======== Records for this task ========
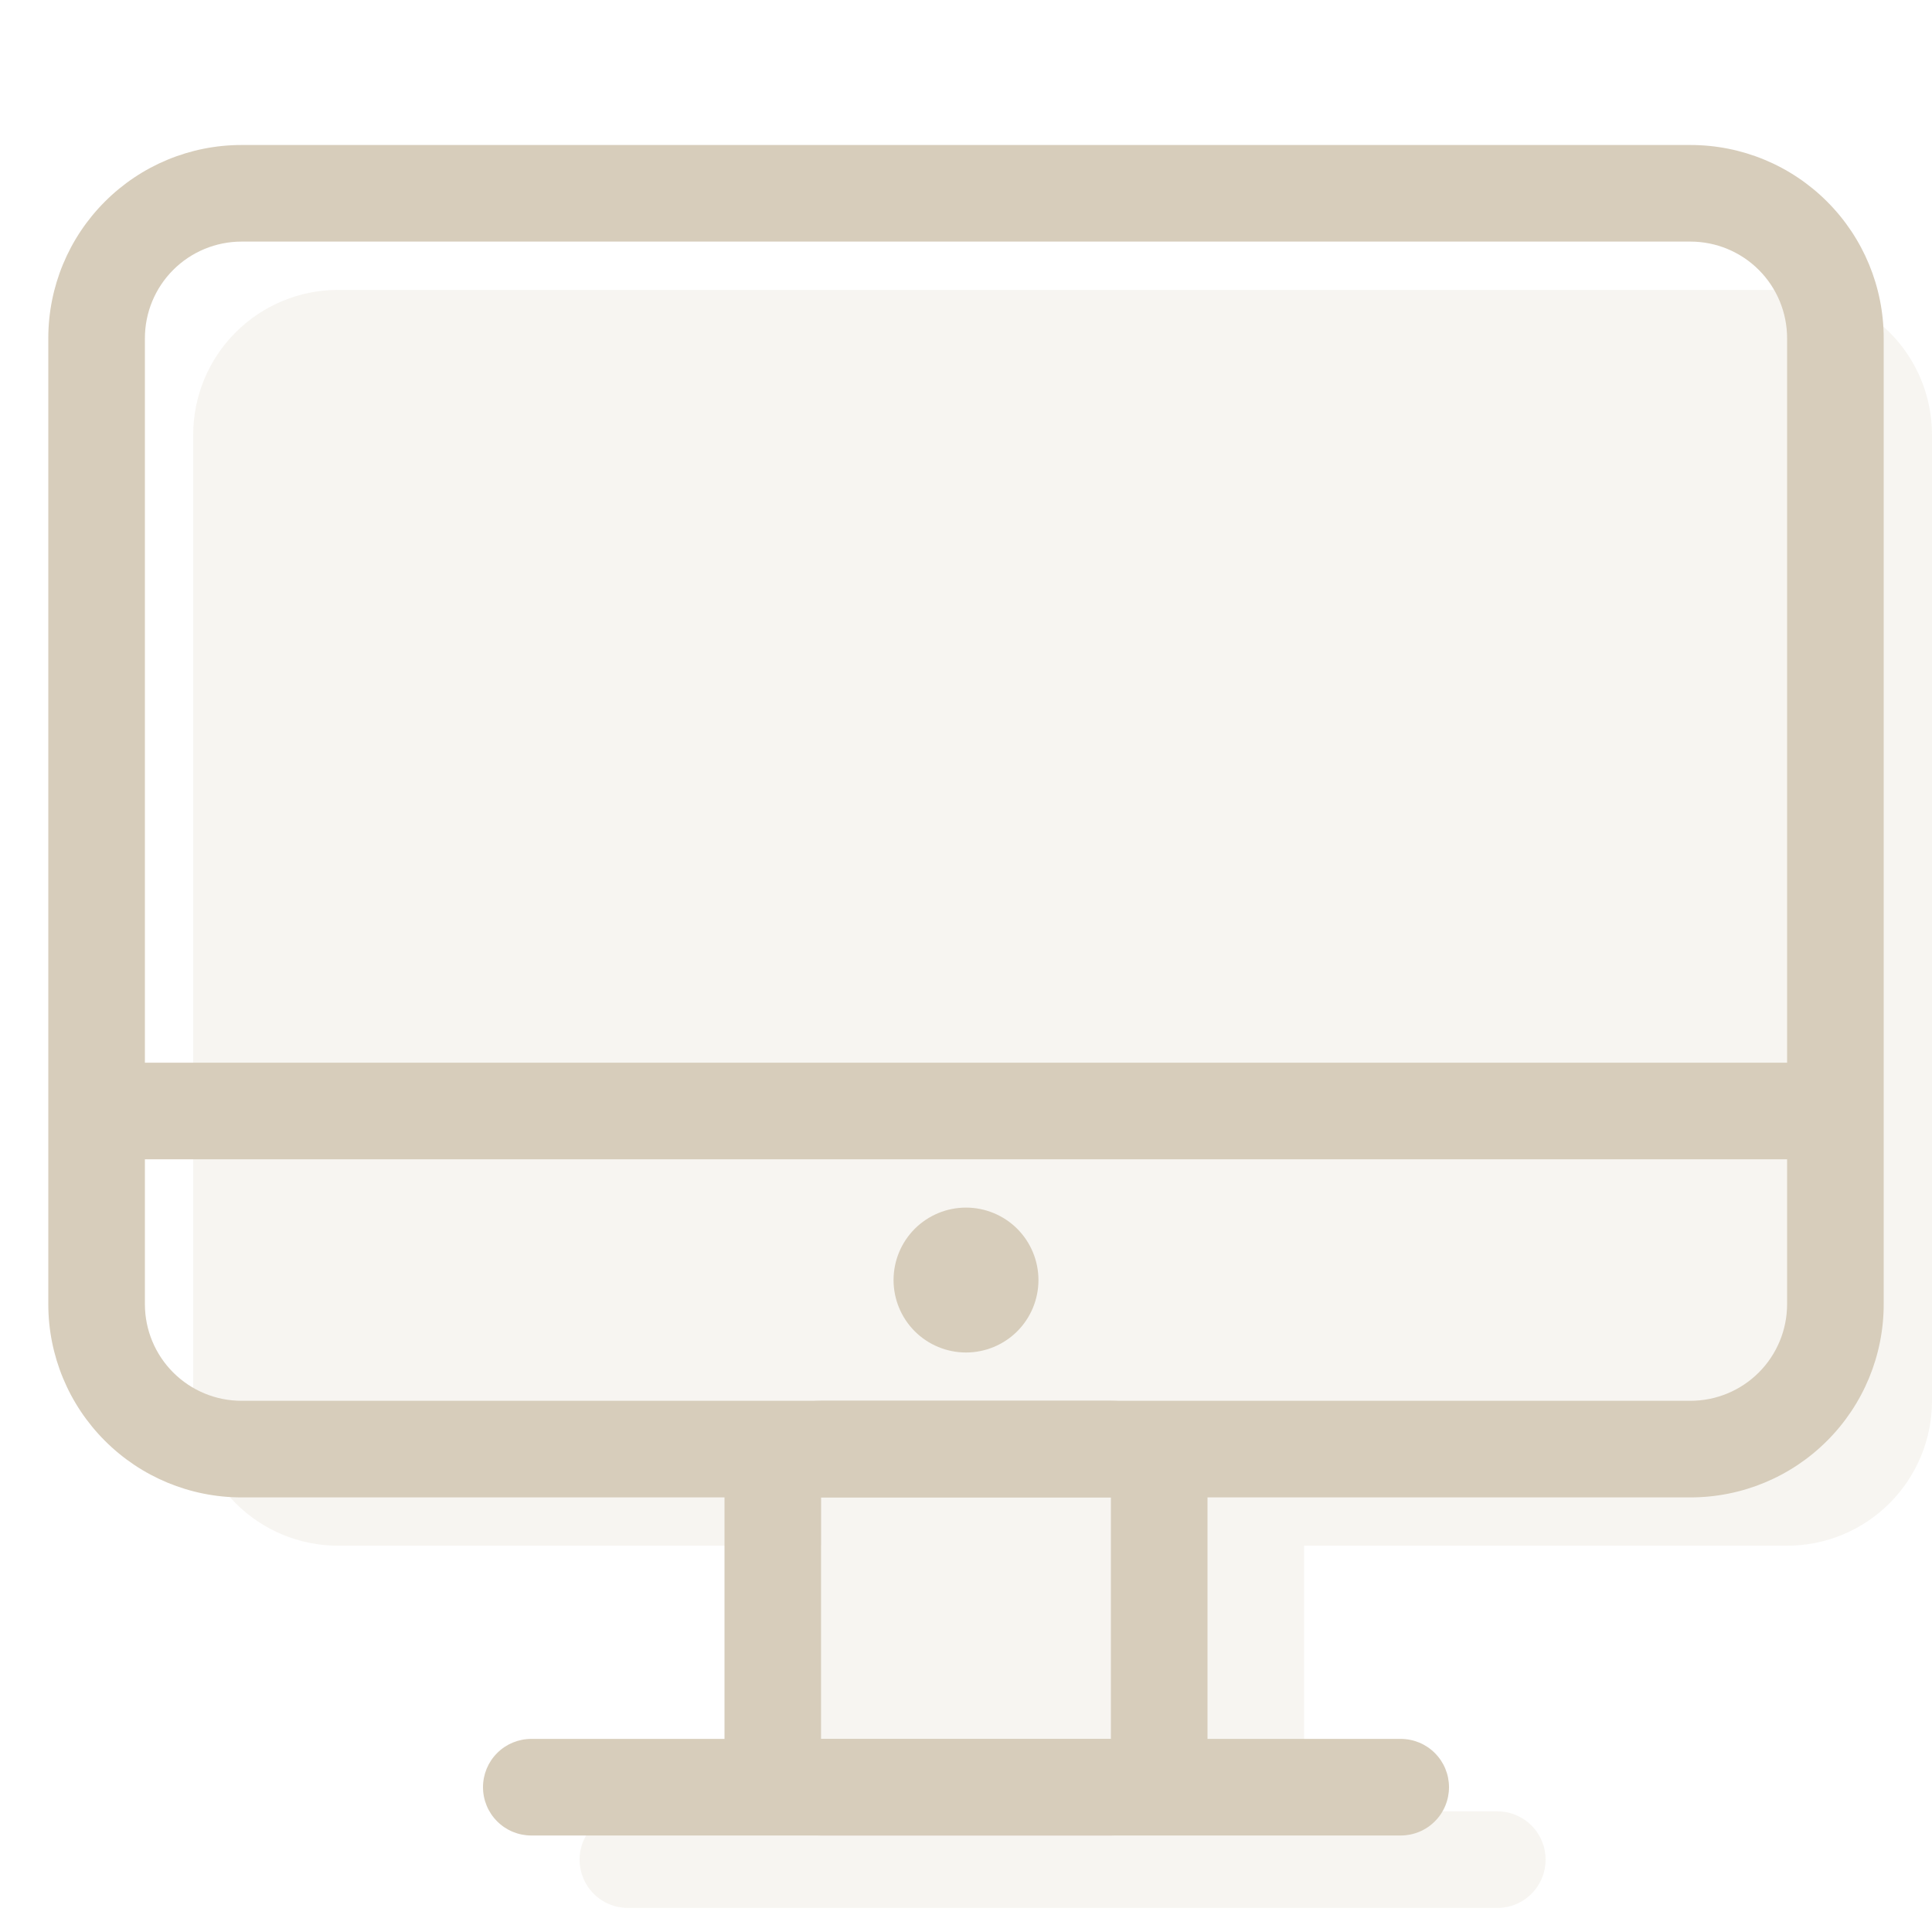 <svg width="40" height="40" viewBox="0 0 40 40" fill="none" xmlns="http://www.w3.org/2000/svg">
<path opacity="0.2" fill-rule="evenodd" clip-rule="evenodd" d="M4 9.002C4 8.206 4.316 7.443 4.879 6.881C5.441 6.318 6.204 6.002 7 6.002H37C37.796 6.002 38.559 6.318 39.121 6.881C39.684 7.443 40 8.206 40 9.002V29.002C40 29.798 39.684 30.561 39.121 31.123C38.559 31.686 37.796 32.002 37 32.002H27V37.002C27 37.171 26.98 37.339 26.938 37.502H31C31.265 37.502 31.52 37.607 31.707 37.795C31.895 37.982 32 38.237 32 38.502C32 38.767 31.895 39.022 31.707 39.209C31.52 39.397 31.265 39.502 31 39.502H13C12.735 39.502 12.48 39.397 12.293 39.209C12.105 39.022 12 38.767 12 38.502C12 38.237 12.105 37.982 12.293 37.795C12.48 37.607 12.735 37.502 13 37.502H17.062C17.02 37.339 17 37.171 17 37.002V32.002H7C6.204 32.002 5.441 31.686 4.879 31.123C4.316 30.561 4 29.798 4 29.002V9.002Z" fill="#D7CDBB"/>
<path fill-rule="evenodd" clip-rule="evenodd" d="M35 3.002H5C3.939 3.002 2.922 3.423 2.172 4.174C1.421 4.924 1 5.941 1 7.002V27.002C1 28.063 1.421 29.08 2.172 29.83C2.922 30.581 3.939 31.002 5 31.002H35C36.061 31.002 37.078 30.581 37.828 29.83C38.579 29.08 39 28.063 39 27.002V7.002C39 5.941 38.579 4.924 37.828 4.174C37.078 3.423 36.061 3.002 35 3.002ZM3 7.002C3 6.472 3.211 5.963 3.586 5.588C3.961 5.213 4.47 5.002 5 5.002H35C35.53 5.002 36.039 5.213 36.414 5.588C36.789 5.963 37 6.472 37 7.002V27.002C37 27.532 36.789 28.041 36.414 28.416C36.039 28.791 35.53 29.002 35 29.002H5C4.47 29.002 3.961 28.791 3.586 28.416C3.211 28.041 3 27.532 3 27.002V7.002Z" fill="#D7CDBB"/>
<path d="M20 28.002C19.602 28.002 19.221 27.844 18.939 27.563C18.658 27.281 18.5 26.9 18.5 26.502C18.5 26.104 18.658 25.723 18.939 25.441C19.221 25.16 19.602 25.002 20 25.002C20.398 25.002 20.779 25.16 21.061 25.441C21.342 25.723 21.5 26.104 21.5 26.502C21.5 26.9 21.342 27.281 21.061 27.563C20.779 27.844 20.398 28.002 20 28.002Z" fill="#D7CDBB"/>
<path fill-rule="evenodd" clip-rule="evenodd" d="M23 29.002H17C16.47 29.002 15.961 29.213 15.586 29.588C15.211 29.963 15 30.471 15 31.002V36.002C15 36.532 15.211 37.041 15.586 37.416C15.961 37.791 16.47 38.002 17 38.002H23C23.53 38.002 24.039 37.791 24.414 37.416C24.789 37.041 25 36.532 25 36.002V31.002C25 30.471 24.789 29.963 24.414 29.588C24.039 29.213 23.53 29.002 23 29.002ZM17 36.002V31.002H23V36.002H17Z" fill="#D7CDBB"/>
<path d="M11 38.002C10.735 38.002 10.48 37.897 10.293 37.709C10.105 37.522 10 37.267 10 37.002C10 36.737 10.105 36.482 10.293 36.295C10.48 36.107 10.735 36.002 11 36.002H29C29.265 36.002 29.52 36.107 29.707 36.295C29.895 36.482 30 36.737 30 37.002C30 37.267 29.895 37.522 29.707 37.709C29.52 37.897 29.265 38.002 29 38.002H11Z" fill="#D7CDBB"/>
<path fill-rule="evenodd" clip-rule="evenodd" d="M38 24.002H2V22.002H38V24.002Z" fill="#D7CDBB"/>
</svg>
========
*Required action*: For each line above that contains the word "clip", copy that line.

*Response to this task*:
<path opacity="0.2" fill-rule="evenodd" clip-rule="evenodd" d="M4 9.002C4 8.206 4.316 7.443 4.879 6.881C5.441 6.318 6.204 6.002 7 6.002H37C37.796 6.002 38.559 6.318 39.121 6.881C39.684 7.443 40 8.206 40 9.002V29.002C40 29.798 39.684 30.561 39.121 31.123C38.559 31.686 37.796 32.002 37 32.002H27V37.002C27 37.171 26.98 37.339 26.938 37.502H31C31.265 37.502 31.52 37.607 31.707 37.795C31.895 37.982 32 38.237 32 38.502C32 38.767 31.895 39.022 31.707 39.209C31.52 39.397 31.265 39.502 31 39.502H13C12.735 39.502 12.48 39.397 12.293 39.209C12.105 39.022 12 38.767 12 38.502C12 38.237 12.105 37.982 12.293 37.795C12.48 37.607 12.735 37.502 13 37.502H17.062C17.02 37.339 17 37.171 17 37.002V32.002H7C6.204 32.002 5.441 31.686 4.879 31.123C4.316 30.561 4 29.798 4 29.002V9.002Z" fill="#D7CDBB"/>
<path fill-rule="evenodd" clip-rule="evenodd" d="M35 3.002H5C3.939 3.002 2.922 3.423 2.172 4.174C1.421 4.924 1 5.941 1 7.002V27.002C1 28.063 1.421 29.08 2.172 29.83C2.922 30.581 3.939 31.002 5 31.002H35C36.061 31.002 37.078 30.581 37.828 29.83C38.579 29.08 39 28.063 39 27.002V7.002C39 5.941 38.579 4.924 37.828 4.174C37.078 3.423 36.061 3.002 35 3.002ZM3 7.002C3 6.472 3.211 5.963 3.586 5.588C3.961 5.213 4.47 5.002 5 5.002H35C35.53 5.002 36.039 5.213 36.414 5.588C36.789 5.963 37 6.472 37 7.002V27.002C37 27.532 36.789 28.041 36.414 28.416C36.039 28.791 35.53 29.002 35 29.002H5C4.47 29.002 3.961 28.791 3.586 28.416C3.211 28.041 3 27.532 3 27.002V7.002Z" fill="#D7CDBB"/>
<path fill-rule="evenodd" clip-rule="evenodd" d="M23 29.002H17C16.47 29.002 15.961 29.213 15.586 29.588C15.211 29.963 15 30.471 15 31.002V36.002C15 36.532 15.211 37.041 15.586 37.416C15.961 37.791 16.47 38.002 17 38.002H23C23.53 38.002 24.039 37.791 24.414 37.416C24.789 37.041 25 36.532 25 36.002V31.002C25 30.471 24.789 29.963 24.414 29.588C24.039 29.213 23.53 29.002 23 29.002ZM17 36.002V31.002H23V36.002H17Z" fill="#D7CDBB"/>
<path fill-rule="evenodd" clip-rule="evenodd" d="M38 24.002H2V22.002H38V24.002Z" fill="#D7CDBB"/>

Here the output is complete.